START Material for this exercise

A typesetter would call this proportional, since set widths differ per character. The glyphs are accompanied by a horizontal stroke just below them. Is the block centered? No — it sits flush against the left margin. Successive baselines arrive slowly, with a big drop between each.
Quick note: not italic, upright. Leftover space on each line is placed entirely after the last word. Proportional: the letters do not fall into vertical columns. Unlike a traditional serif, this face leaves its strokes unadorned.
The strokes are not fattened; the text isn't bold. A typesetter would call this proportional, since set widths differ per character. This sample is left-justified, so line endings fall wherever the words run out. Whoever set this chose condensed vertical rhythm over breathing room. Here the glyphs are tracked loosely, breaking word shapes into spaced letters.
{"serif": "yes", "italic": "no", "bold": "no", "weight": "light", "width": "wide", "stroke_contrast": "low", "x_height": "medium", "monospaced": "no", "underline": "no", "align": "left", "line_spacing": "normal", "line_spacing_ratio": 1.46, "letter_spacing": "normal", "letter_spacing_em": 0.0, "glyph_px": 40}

END Material for this exercise
START Material for this exercise

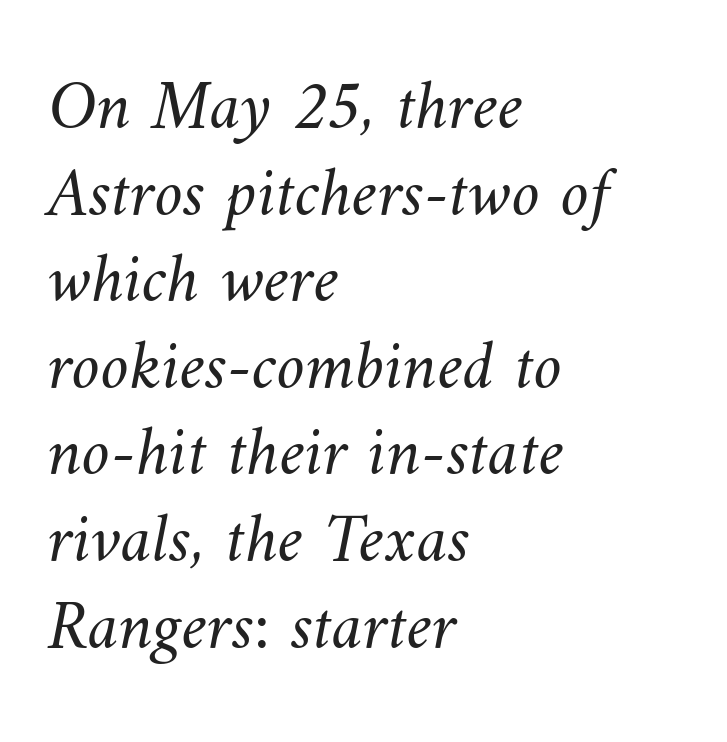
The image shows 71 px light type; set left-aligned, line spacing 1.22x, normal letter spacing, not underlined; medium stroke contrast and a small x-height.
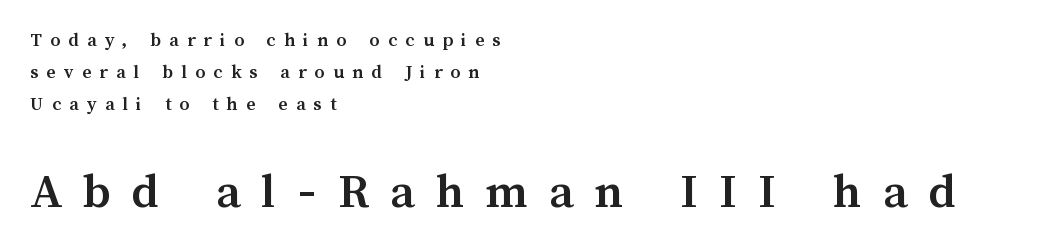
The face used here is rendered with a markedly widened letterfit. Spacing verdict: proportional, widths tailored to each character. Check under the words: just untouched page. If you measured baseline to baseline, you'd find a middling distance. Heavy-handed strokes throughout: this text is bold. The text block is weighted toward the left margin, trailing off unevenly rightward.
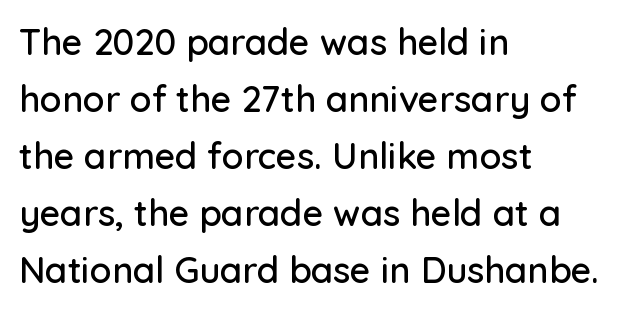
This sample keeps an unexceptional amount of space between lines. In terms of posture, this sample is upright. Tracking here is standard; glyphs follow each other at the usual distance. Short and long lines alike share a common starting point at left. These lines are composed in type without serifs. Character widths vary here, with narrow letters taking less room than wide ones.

END Material for this exercise

Work instructions: With pictures excluded, reproduce exactly the lines above from the one containing "The face used" down to the one containing "This sample keeps", those two included.

Response to the task:
The face used here is rendered with a markedly widened letterfit. Spacing verdict: proportional, widths tailored to each character. Check under the words: just untouched page. If you measured baseline to baseline, you'd find a middling distance. Heavy-handed strokes throughout: this text is bold. The text block is weighted toward the left margin, trailing off unevenly rightward.
This sample keeps an unexceptional amount of space between lines. In terms of posture, this sample is upright. Tracking here is standard; glyphs follow each other at the usual distance. Short and long lines alike share a common starting point at left. These lines are composed in type without serifs. Character widths vary here, with narrow letters taking less room than wide ones.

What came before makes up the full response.